* [DATASET RECORDS]
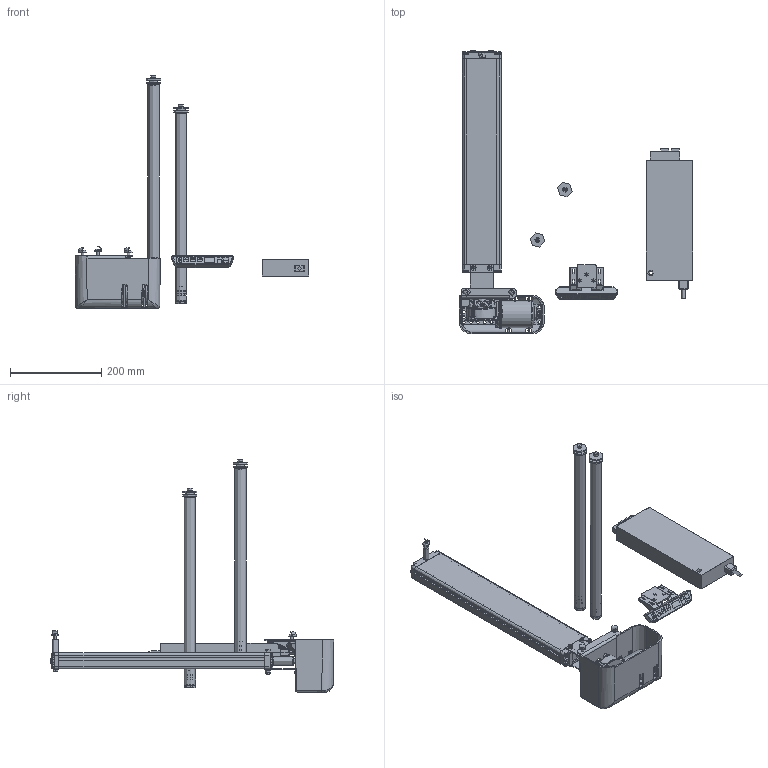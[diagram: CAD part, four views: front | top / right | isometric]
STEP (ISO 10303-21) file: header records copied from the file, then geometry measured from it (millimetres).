
FILE_DESCRIPTION(/* description */ ('Hydrauliksystem LB 300 W- 2 - elektrisch'),/* implementation_level */ '2;1');
FILE_NAME(/* name */ '270129-2.stp',/* time_stamp */ '2019-10-15T11:32:13+02:00',/* author */ ('Metz'),/* organization */ (''),/* preprocessor_version */ 'ST-DEVELOPER v17.2',/* originating_system */ 'Autodesk Inventor 2019',/* authorisation */ '');
FILE_SCHEMA (('AUTOMOTIVE_DESIGN { 1 0 10303 214 3 1 1 }'));
Products named in the file (50): leer; leer_1; leer_2; leer_3; leer_4; leer_5; leer_6; leer_7; leer_8; leer_9; leer_10; leer_11; leer_12; leer_13; leer_14; leer_15; leer_16; leer_17; leer_18; leer_19; leer_20; leer_21; leer_22; leer_23; leer_24; leer_25; leer_26; leer_27; leer_28; leer_29; leer_30; leer_31; leer_32; leer_33; leer_34; leer_35; leer_36; leer_37; leer_38; leer_39 ...
Assembly tree (67 placements, depth 4):
  leer
    leer_1
      leer_2
      leer_3
        leer_4
        leer_5  x4
        leer_6
        leer_7
        leer_8
      leer_9
        leer_10  x4
        leer_11  x2
        leer_12
    leer_39  x2
      leer_40
      leer_41
      leer_42
        leer_43
        leer_44
        leer_45
    leer_13
      leer_14
        leer_15
        leer_16
      leer_17
      leer_18  x3
      leer_19
      leer_20  x2
      leer_21  x2
      leer_22  x2
      leer_23
    leer_24
    leer_25
      leer_26
        leer_27
        leer_28
        leer_29
        leer_30
        leer_31
        leer_32
        leer_33
        leer_34
        leer_35
        leer_36
        leer_37
    leer_38
    21-1351-2FZ.005  x3
    leer_46  x3
    leer_47  x2
    leer_48
Bounding box: 511.27 x 620.76 x 510.54 mm (x, y, z)
Volume: 2185009.9 mm3; surface area: 876535.5 mm2
Topology: 62 solids, 62 shells, 4761 faces, 12328 edges, 7694 vertices
Faces by surface type: cylinder 1410, plane 1381, bspline 1040, cone 456, torus 335, sphere 139
Full cylindrical faces by diameter (mm): 2 x3, 2.5 x4, 3 x1, 3.2 x8, 3.5 x2, 3.9 x5, 4.1 x4, 4.2 x6, 4.4 x10, 4.5 x2, 4.917 x4, 5 x8, 5.5 x5, 5.8 x9, 6 x19, 6.4 x5, 6.647 x2, 6.75 x4, 6.8 x12, 6.917 x2, 7 x7, 8 x6, 8.376 x2, 8.5 x4, 9 x6, 9.5 x1, 9.8 x8, 10 x14, 10.3 x1, 10.32 x2
Entity records: 242210 total; most frequent: CARTESIAN_POINT 142877, ORIENTED_EDGE 20720, DIRECTION 18874, EDGE_CURVE 10360, AXIS2_PLACEMENT_3D 7433, VERTEX_POINT 6599, EDGE_LOOP 4345, LINE 4008

* [ABOUT THIS EXERCISE]
Take from the listing above each line containing "surface".

* [TASK OUTPUT]
Volume: 2185009.9 mm3; surface area: 876535.5 mm2
Faces by surface type: cylinder 1410, plane 1381, bspline 1040, cone 456, torus 335, sphere 139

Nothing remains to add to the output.